GOAL OF THE EXERCISE —
Please repeat the lines below, exactly and only, from the one that holds "Q: How is the paragraph aligned? A: Right-aligned." through the one that holds "The image shows 76".

GIVEN ENTRIES —

Content starts

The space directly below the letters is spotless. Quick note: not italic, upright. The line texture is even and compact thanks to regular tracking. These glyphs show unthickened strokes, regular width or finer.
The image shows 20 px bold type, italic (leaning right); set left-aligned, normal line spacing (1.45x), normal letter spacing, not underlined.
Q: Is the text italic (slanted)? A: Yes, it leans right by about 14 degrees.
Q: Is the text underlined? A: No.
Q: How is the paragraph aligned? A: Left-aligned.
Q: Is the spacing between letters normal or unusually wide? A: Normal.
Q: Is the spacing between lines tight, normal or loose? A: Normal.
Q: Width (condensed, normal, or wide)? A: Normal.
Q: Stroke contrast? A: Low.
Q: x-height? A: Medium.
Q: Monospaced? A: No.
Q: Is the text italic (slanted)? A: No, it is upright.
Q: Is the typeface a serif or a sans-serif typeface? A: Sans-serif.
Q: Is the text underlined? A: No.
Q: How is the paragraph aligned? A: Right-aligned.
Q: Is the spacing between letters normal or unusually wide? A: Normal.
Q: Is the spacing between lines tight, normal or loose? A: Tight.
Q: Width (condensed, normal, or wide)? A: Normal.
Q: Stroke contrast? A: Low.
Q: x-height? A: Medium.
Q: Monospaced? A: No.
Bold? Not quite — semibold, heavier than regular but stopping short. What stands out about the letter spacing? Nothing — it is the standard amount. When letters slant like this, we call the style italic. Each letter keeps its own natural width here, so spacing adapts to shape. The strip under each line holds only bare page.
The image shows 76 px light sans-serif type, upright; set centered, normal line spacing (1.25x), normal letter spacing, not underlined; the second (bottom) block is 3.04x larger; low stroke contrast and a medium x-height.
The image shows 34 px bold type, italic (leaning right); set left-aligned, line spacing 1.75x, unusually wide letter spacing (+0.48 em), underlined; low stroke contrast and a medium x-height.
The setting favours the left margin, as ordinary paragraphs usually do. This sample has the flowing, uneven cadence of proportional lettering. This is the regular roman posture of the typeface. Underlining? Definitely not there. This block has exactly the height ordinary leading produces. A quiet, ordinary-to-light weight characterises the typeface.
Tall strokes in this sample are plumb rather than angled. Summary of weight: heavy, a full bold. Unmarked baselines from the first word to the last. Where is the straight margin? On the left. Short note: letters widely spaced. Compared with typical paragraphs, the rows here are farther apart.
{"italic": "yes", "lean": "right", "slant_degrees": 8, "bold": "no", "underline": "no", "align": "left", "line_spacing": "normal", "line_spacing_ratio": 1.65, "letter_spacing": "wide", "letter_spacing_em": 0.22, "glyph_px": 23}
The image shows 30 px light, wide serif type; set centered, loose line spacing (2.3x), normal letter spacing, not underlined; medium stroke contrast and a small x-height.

Content ends
Content starts

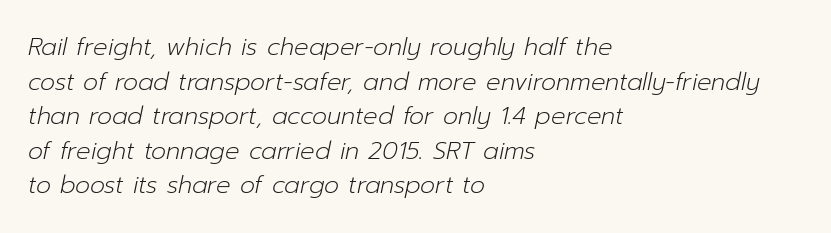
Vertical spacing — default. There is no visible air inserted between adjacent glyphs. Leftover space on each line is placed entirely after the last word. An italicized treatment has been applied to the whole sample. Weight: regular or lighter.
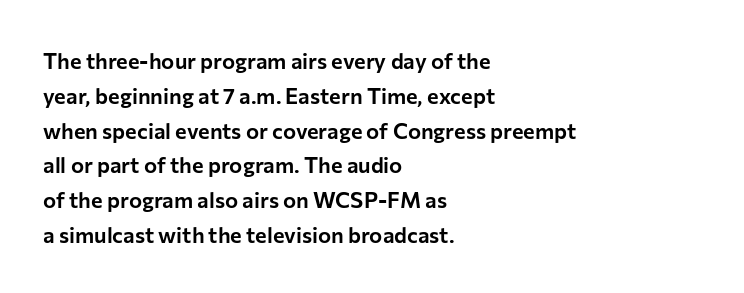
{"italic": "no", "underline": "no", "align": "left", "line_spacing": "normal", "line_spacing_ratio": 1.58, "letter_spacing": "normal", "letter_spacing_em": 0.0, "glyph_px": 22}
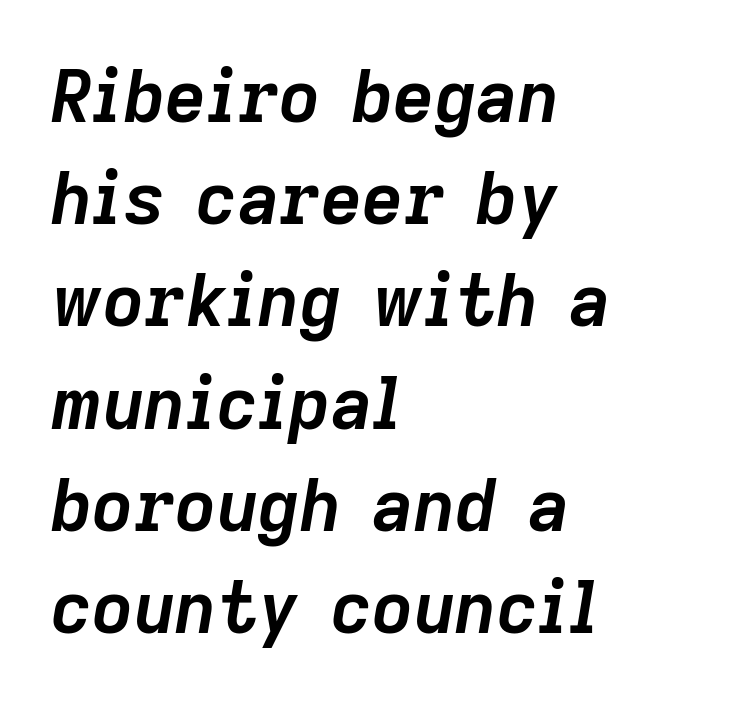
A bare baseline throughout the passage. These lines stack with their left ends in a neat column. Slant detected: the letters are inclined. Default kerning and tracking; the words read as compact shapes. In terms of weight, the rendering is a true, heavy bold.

Content ends

WRITTEN RESPONSE —
Q: How is the paragraph aligned? A: Right-aligned.
Q: Is the spacing between letters normal or unusually wide? A: Normal.
Q: Is the spacing between lines tight, normal or loose? A: Tight.
Q: Width (condensed, normal, or wide)? A: Normal.
Q: Stroke contrast? A: Low.
Q: x-height? A: Medium.
Q: Monospaced? A: No.
Bold? Not quite — semibold, heavier than regular but stopping short. What stands out about the letter spacing? Nothing — it is the standard amount. When letters slant like this, we call the style italic. Each letter keeps its own natural width here, so spacing adapts to shape. The strip under each line holds only bare page.
The image shows 76 px light sans-serif type, upright; set centered, normal line spacing (1.25x), normal letter spacing, not underlined; the second (bottom) block is 3.04x larger; low stroke contrast and a medium x-height.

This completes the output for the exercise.